When deciding on how to manage your blog, which comments to allow in as part of the ongoing debate on posts, it can get tricky at times – particularly when you have a commitment to give your readership the best discussions and most relevant inputs.
This gets even trickier when somebody attempts to troll (bad-mouth) your blog or attacks a particular blog post.
We’ve all been there – a part of having a well-read, fearless, upfront and sometimes contraversial blog, is that some will disagree with what’s said, and voice their opinions.
This is welcomed – as a well-balanced, thoughtful, well-reasoned argument which benefits the blog, gives the readership greater insight and understanding, and generates valuable online communication.
Unless your blog is the victim of a troller. A negative drain with nothing positive to add, and a huge conflict with your blog’s ethos.
I’ve been trolled before – on this blog, on Twitter, and on Facebook. I enjoy discussion, debate and dialogue as much as the next blogger – but what I absolutely won’t put up with is a troller trying to ruin an interesting, useful, and valid blog post.
I had a particularly unpleasant round of post comments around this blog post over the last three days from a troller – a cowardly, anonymous individual who used fake email addresses on each occasion and demonstrated he hadn’t actually engaged with the whole Kwik Fit issue, as clearly highlighted in the blog post itself.
Obviously, someone with an axe to grind – but no sharp blade on said axe, so to speak.
I entertained the first comment, as it provided potential to add to the Kwik Fit life-threatening debate further – even if it was poorly crafted, a bit aggressive, and slightly antagonistic.
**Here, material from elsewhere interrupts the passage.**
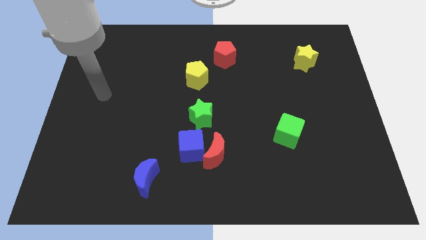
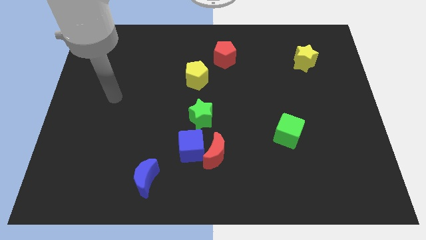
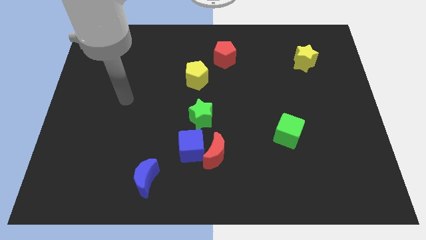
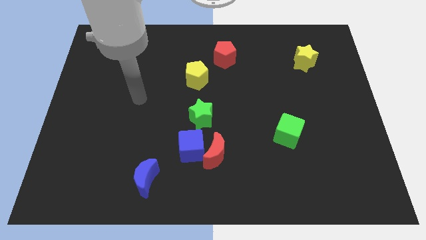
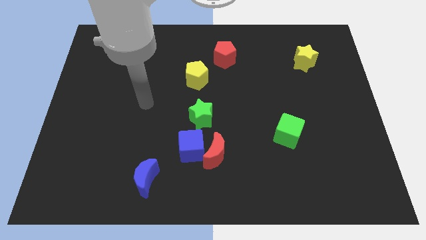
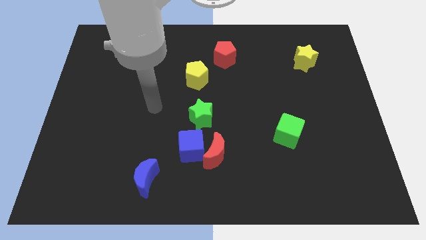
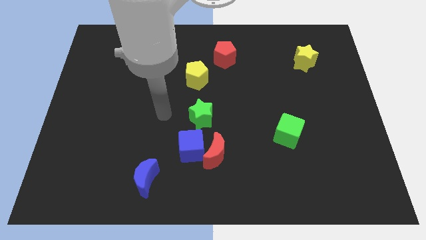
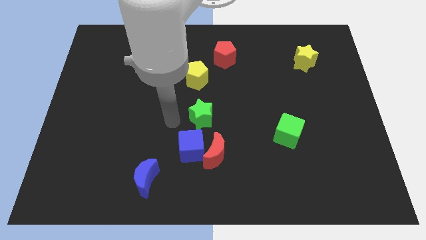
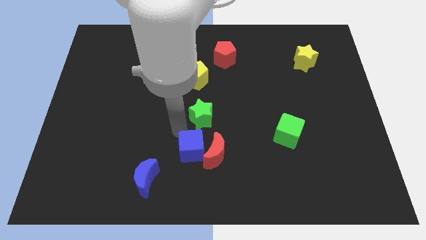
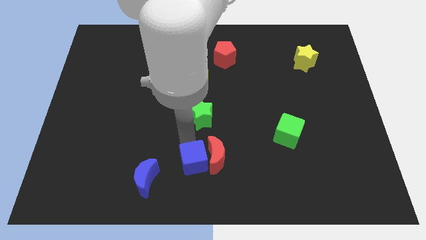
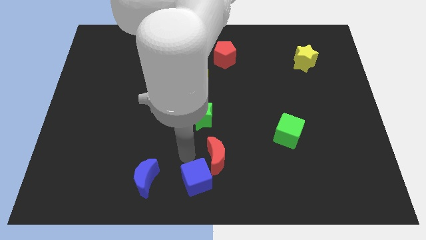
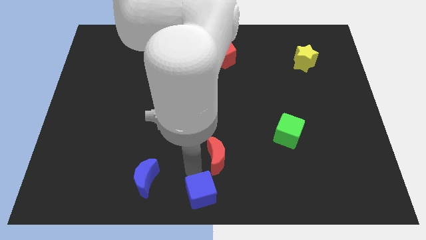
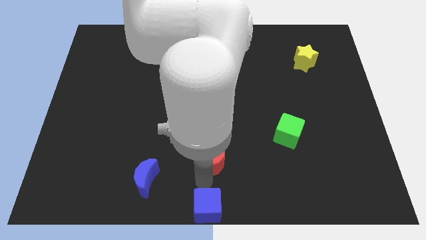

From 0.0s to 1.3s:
separate the red moon from the blue cube

I can handle that, and the readership might have benefited too.
However, after a further round of abusive, aggressive, and highly personal (not to mention irrelevant) attempted comments from the fake- email-address-using troller, I had no choice but to delete and block the comments. They were, quite simply, offensive.
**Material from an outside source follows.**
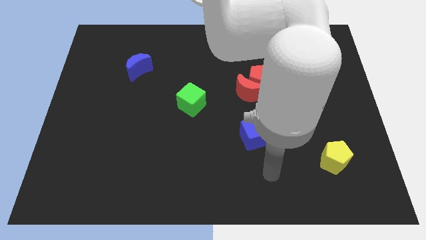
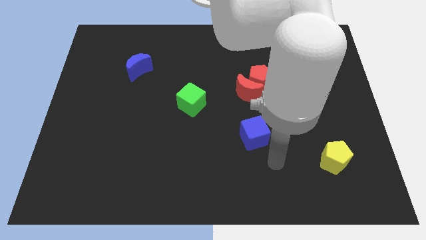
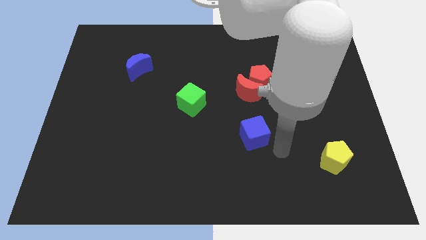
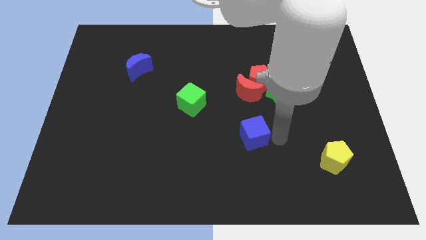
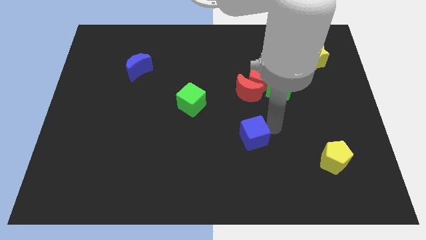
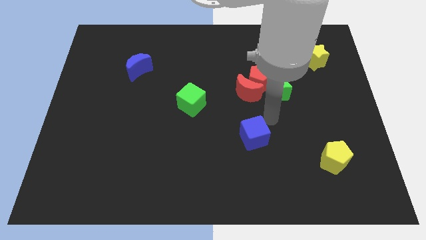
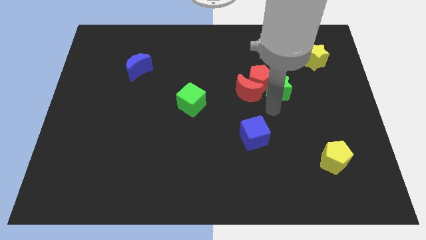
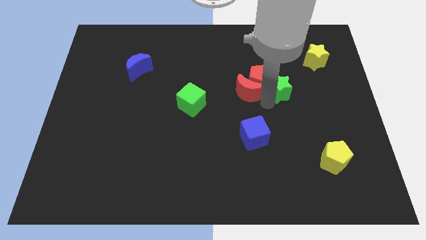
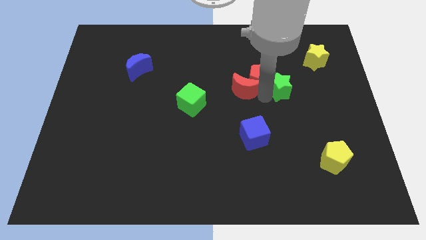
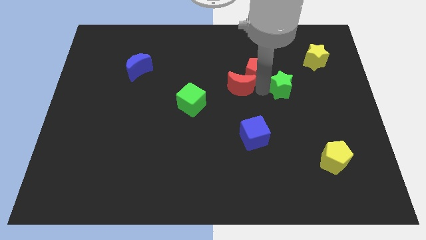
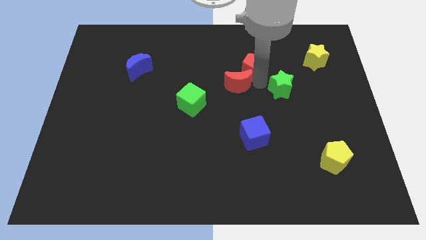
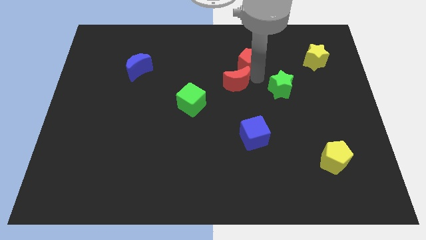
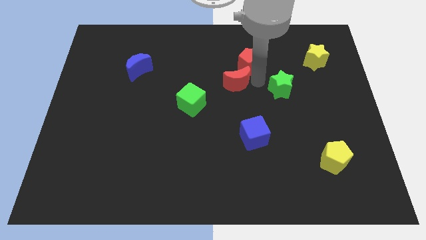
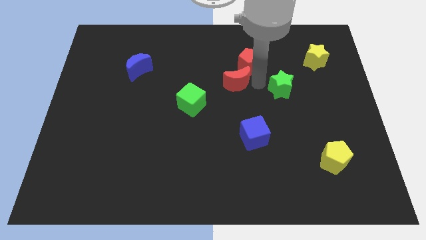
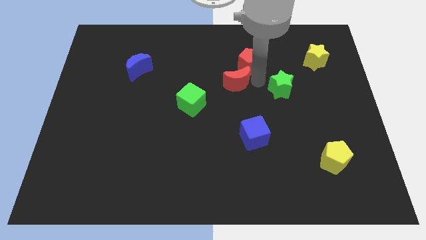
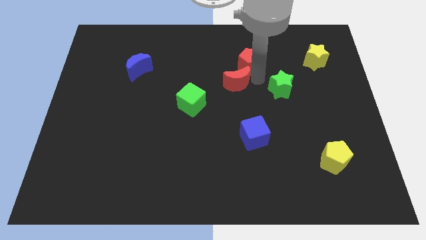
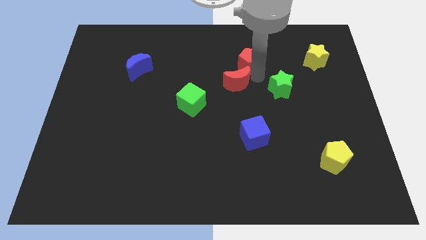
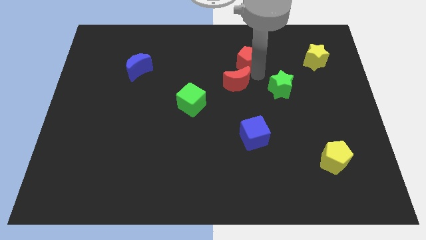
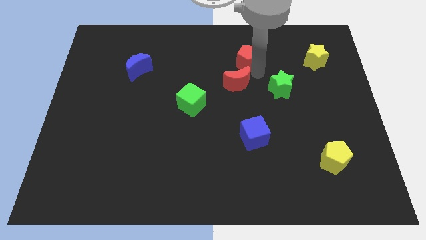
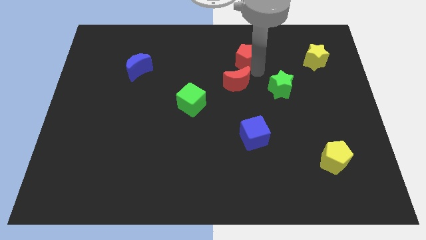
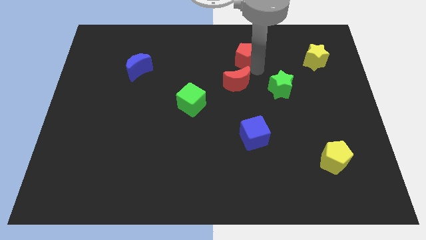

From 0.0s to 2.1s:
pull the red pentagon apart from the red moon and green star

But, from every trial comes a lesson – and my top tips for handling trollers on your blog and when to delete them, go like this:
* Allow a bit of leeway, but when any boundary is stepped over, clamp down on them immediately and without hesitation.
* Remember it is your blog, and you have the right to monitor, edit and delete anything which doesn’t add value to readers.
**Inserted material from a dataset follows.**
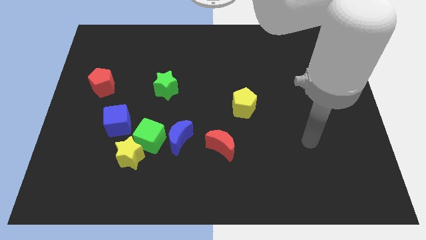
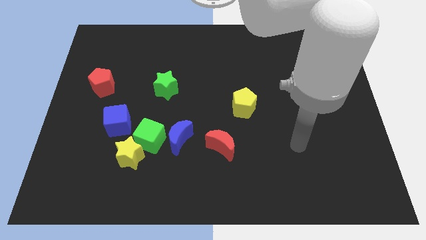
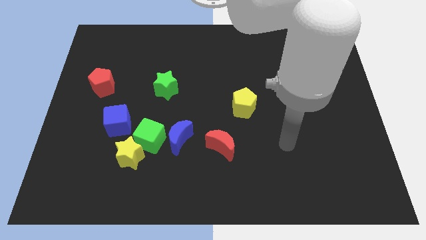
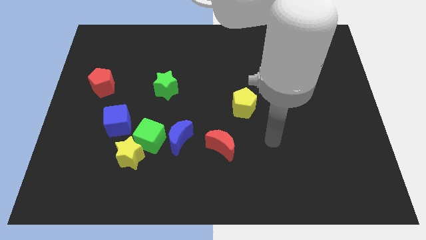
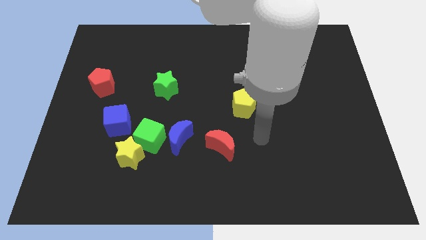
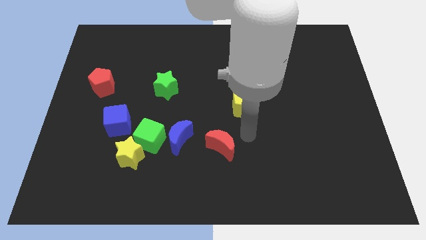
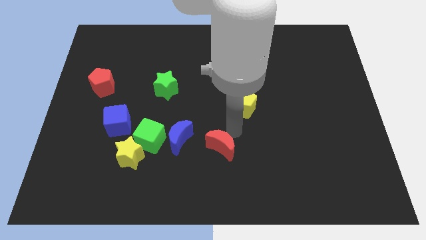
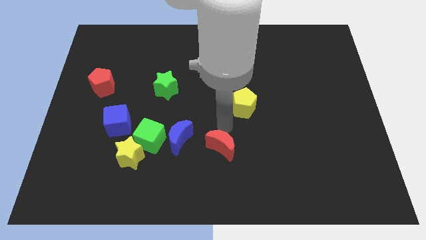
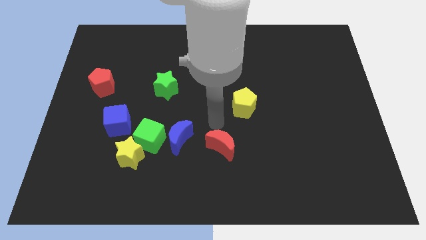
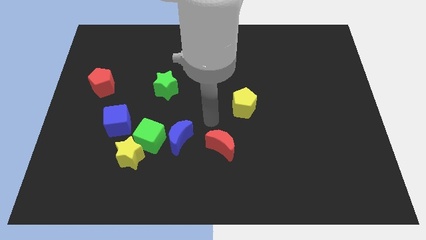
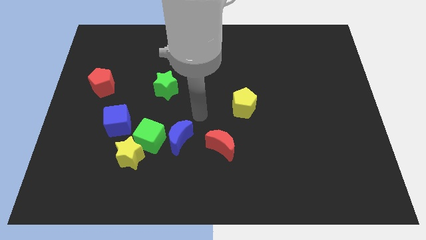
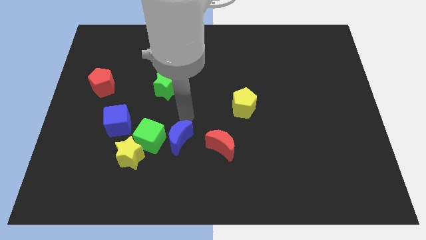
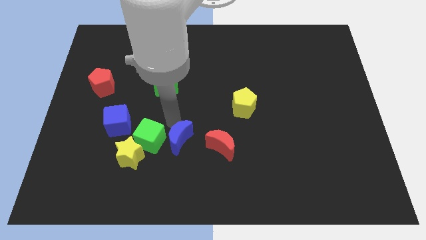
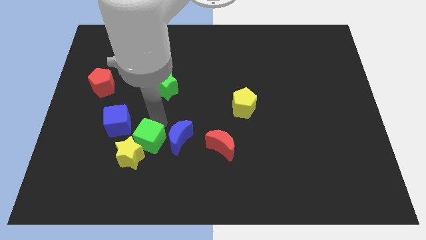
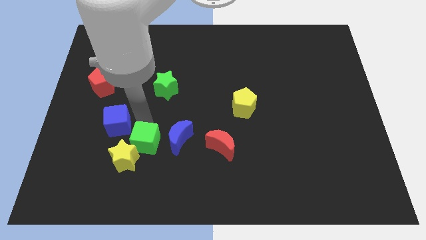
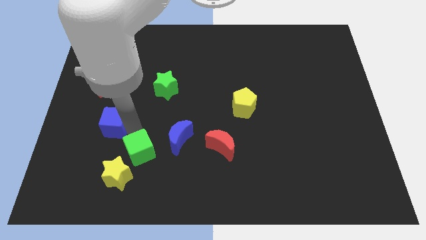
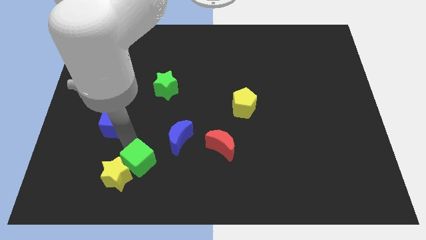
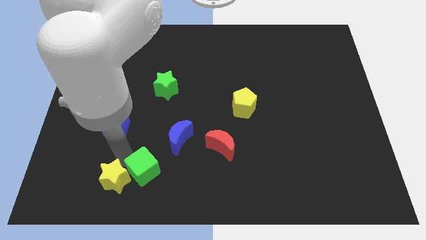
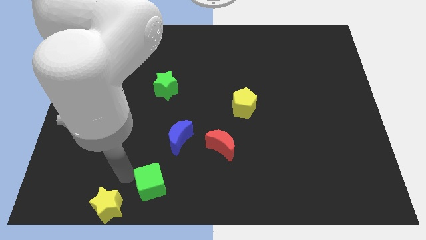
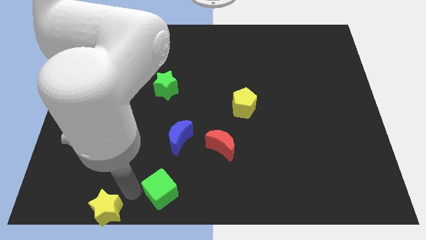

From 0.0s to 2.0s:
separate the green cube from the clump

* Do not sink to their level – leave them there and move on, maintaining your positive outlook and brilliant blogging.
So, to the individual calling himself Frederick@yahoo.co.uk – amongst many other fake email addresses, a bit of advice to you, too.
If you can be man enough to provide your real email address and actual name, and contribute something useful to the debate, you are most welcome to come on board and add some intelligent comment. As for the rest of it? Blocked.
Protect your blog, folks – it’s part of your online legacy. And that’s all about your unique, powerful, genuine and real voice.
Most importantly – protect your blog so your readers have a consistent, solid, engaging and useful space online to visit.